__Stored records__.
== Segment start ==

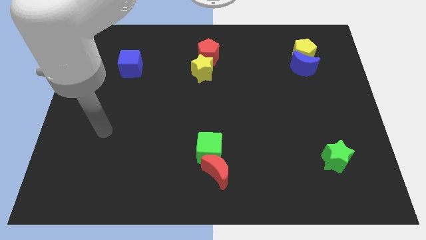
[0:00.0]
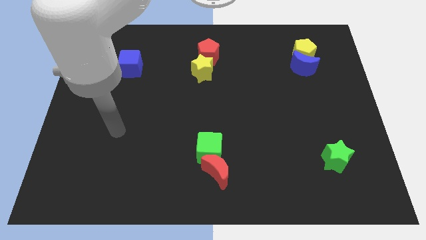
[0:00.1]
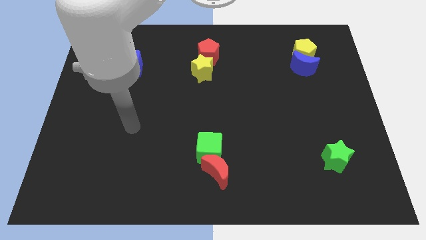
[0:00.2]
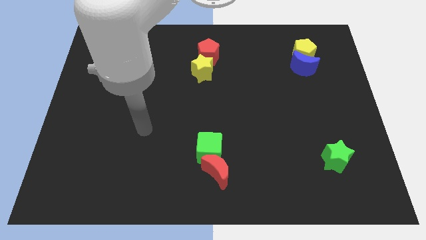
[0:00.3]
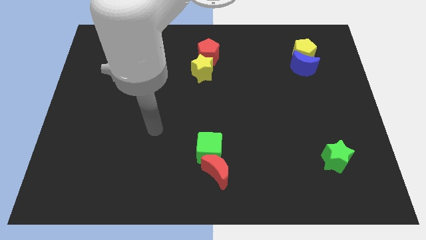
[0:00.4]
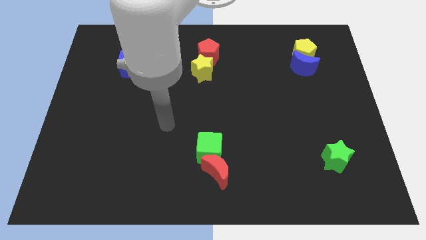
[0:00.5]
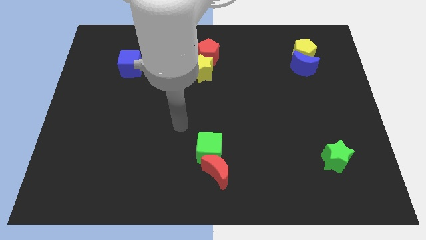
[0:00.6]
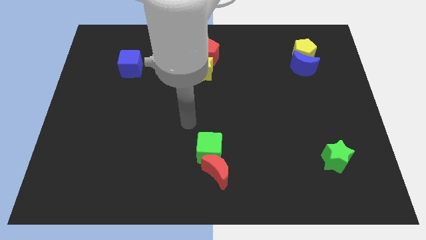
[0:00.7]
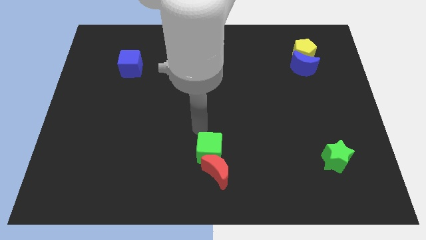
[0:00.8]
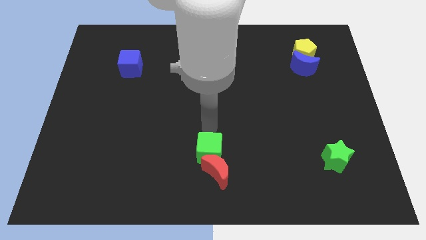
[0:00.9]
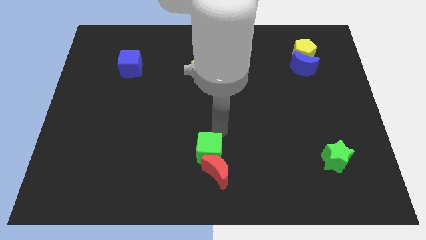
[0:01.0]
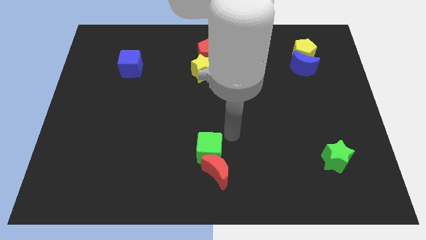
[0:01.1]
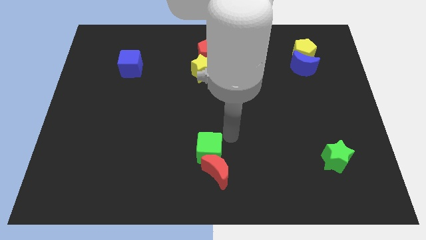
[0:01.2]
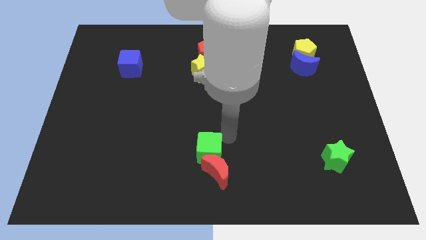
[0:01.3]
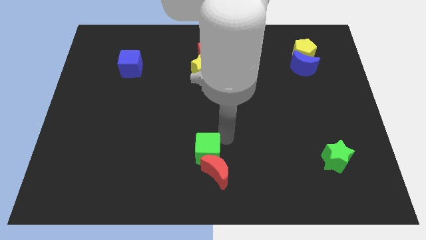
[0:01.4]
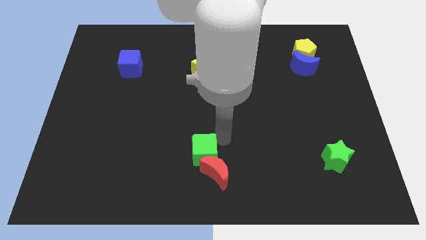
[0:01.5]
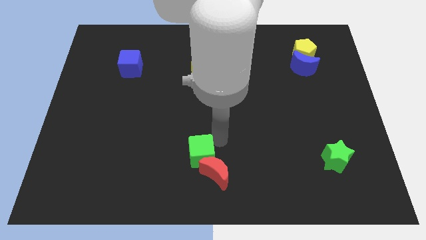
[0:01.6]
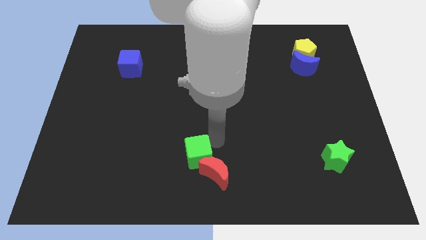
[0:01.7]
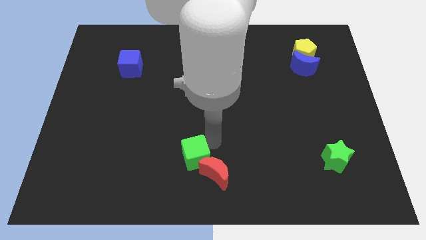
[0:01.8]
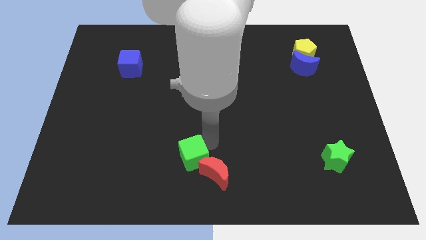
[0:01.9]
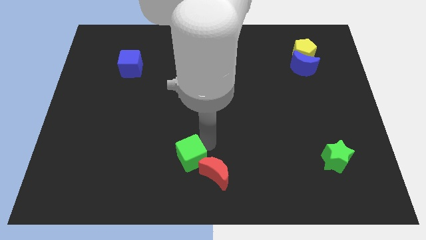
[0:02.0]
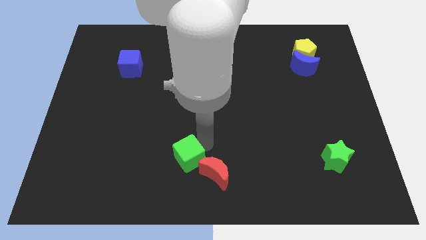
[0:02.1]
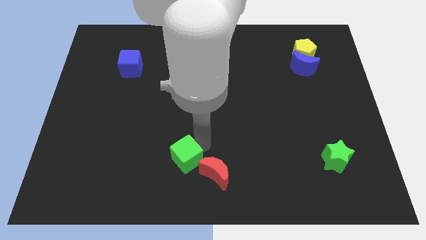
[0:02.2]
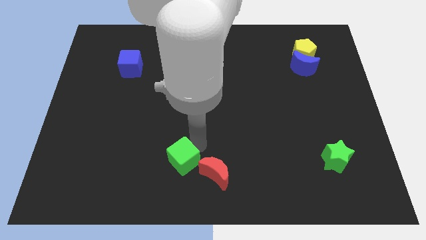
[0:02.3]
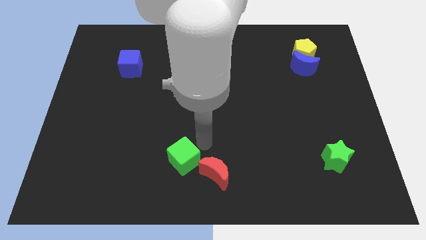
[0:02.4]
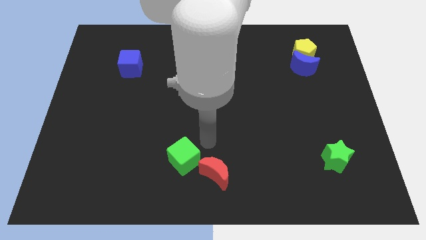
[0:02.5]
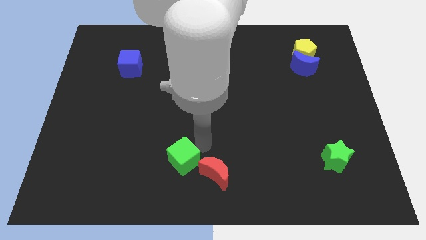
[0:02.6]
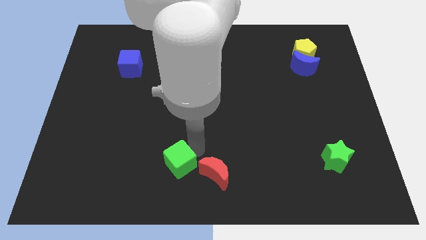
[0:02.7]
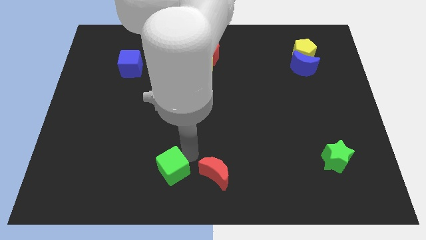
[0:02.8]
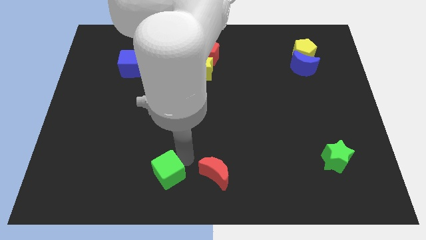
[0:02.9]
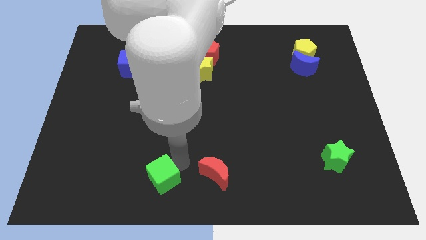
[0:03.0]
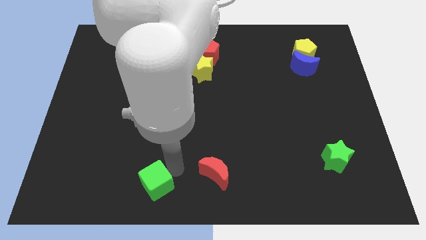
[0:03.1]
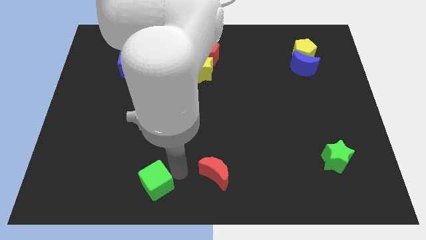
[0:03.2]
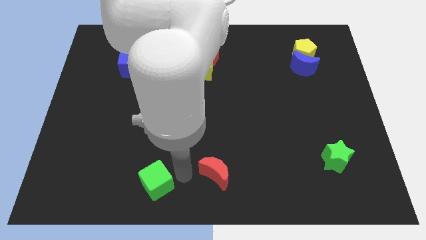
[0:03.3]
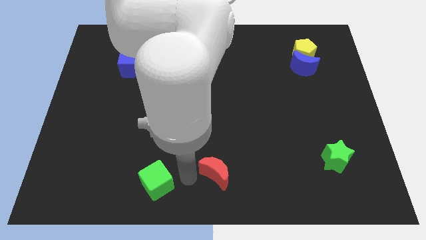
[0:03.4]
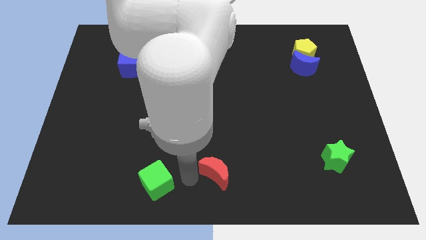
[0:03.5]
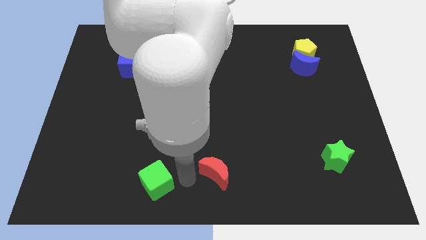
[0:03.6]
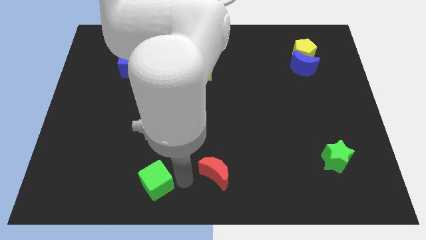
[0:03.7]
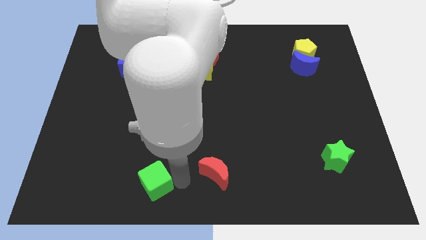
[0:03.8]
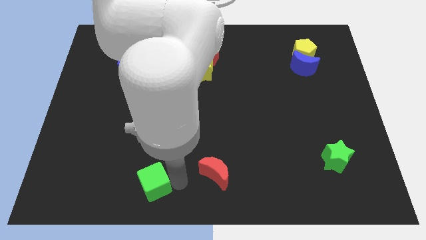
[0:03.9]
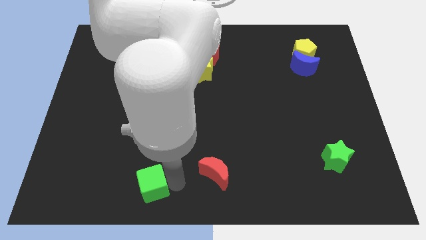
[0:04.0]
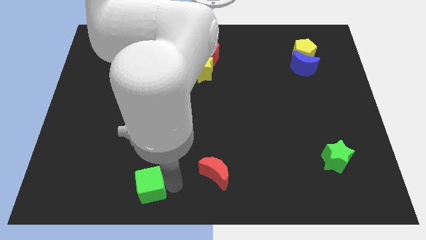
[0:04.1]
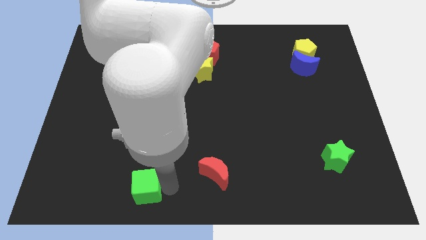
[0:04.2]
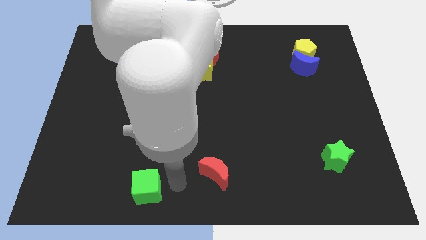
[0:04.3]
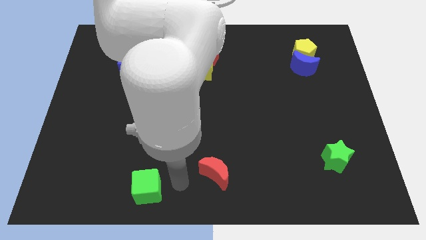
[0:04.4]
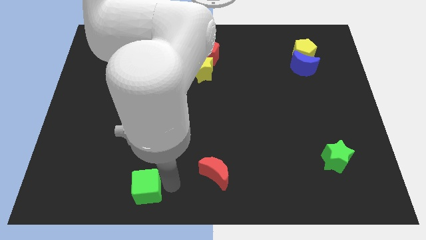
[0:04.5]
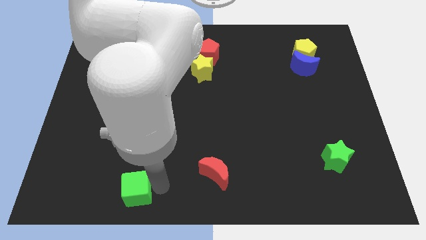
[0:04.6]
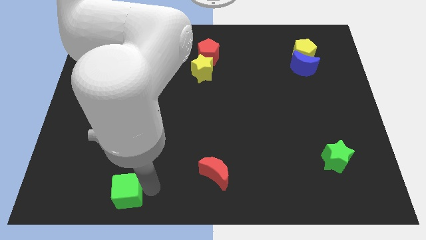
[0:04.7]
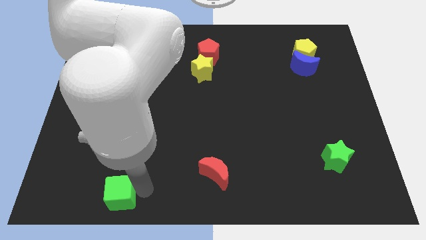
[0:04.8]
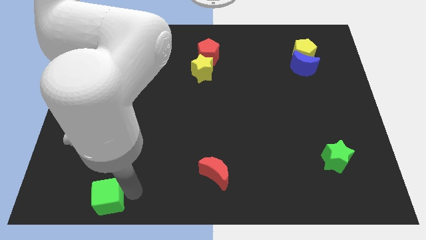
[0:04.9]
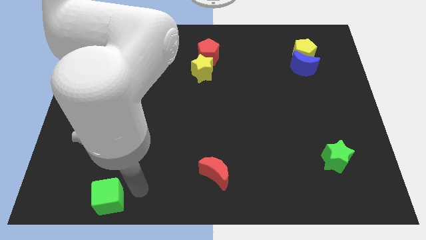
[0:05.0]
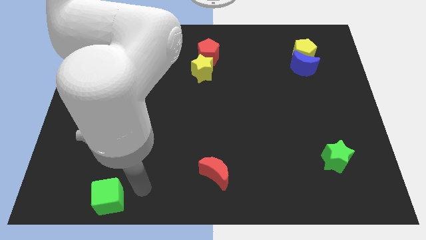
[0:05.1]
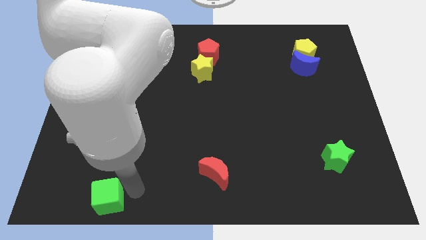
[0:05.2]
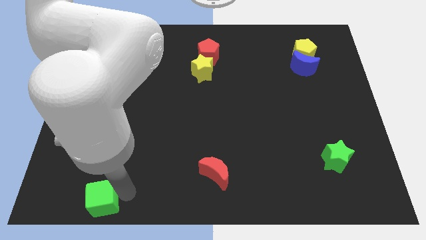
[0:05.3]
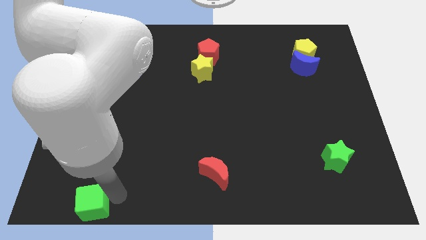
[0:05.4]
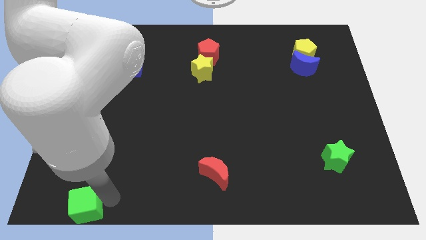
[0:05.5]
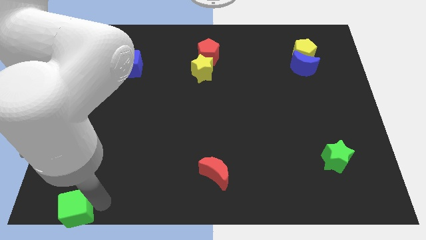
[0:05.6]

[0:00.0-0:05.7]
put the green cube to the bottom left of the board

== Segment end ==

__WORK REQUIRED__. Your answer must be an exact copy of the records, with every picture left out.

__ANSWER TO THE PROBLEM__.
[0:00.0]
[0:00.1]
[0:00.2]
[0:00.3]
[0:00.4]
[0:00.5]
[0:00.6]
[0:00.7]
[0:00.8]
[0:00.9]
[0:01.0]
[0:01.1]
[0:01.2]
[0:01.3]
[0:01.4]
[0:01.5]
[0:01.6]
[0:01.7]
[0:01.8]
[0:01.9]
[0:02.0]
[0:02.1]
[0:02.2]
[0:02.3]
[0:02.4]
[0:02.5]
[0:02.6]
[0:02.7]
[0:02.8]
[0:02.9]
[0:03.0]
[0:03.1]
[0:03.2]
[0:03.3]
[0:03.4]
[0:03.5]
[0:03.6]
[0:03.7]
[0:03.8]
[0:03.9]
[0:04.0]
[0:04.1]
[0:04.2]
[0:04.3]
[0:04.4]
[0:04.5]
[0:04.6]
[0:04.7]
[0:04.8]
[0:04.9]
[0:05.0]
[0:05.1]
[0:05.2]
[0:05.3]
[0:05.4]
[0:05.5]
[0:05.6]

[0:00.0-0:05.7]
put the green cube to the bottom left of the board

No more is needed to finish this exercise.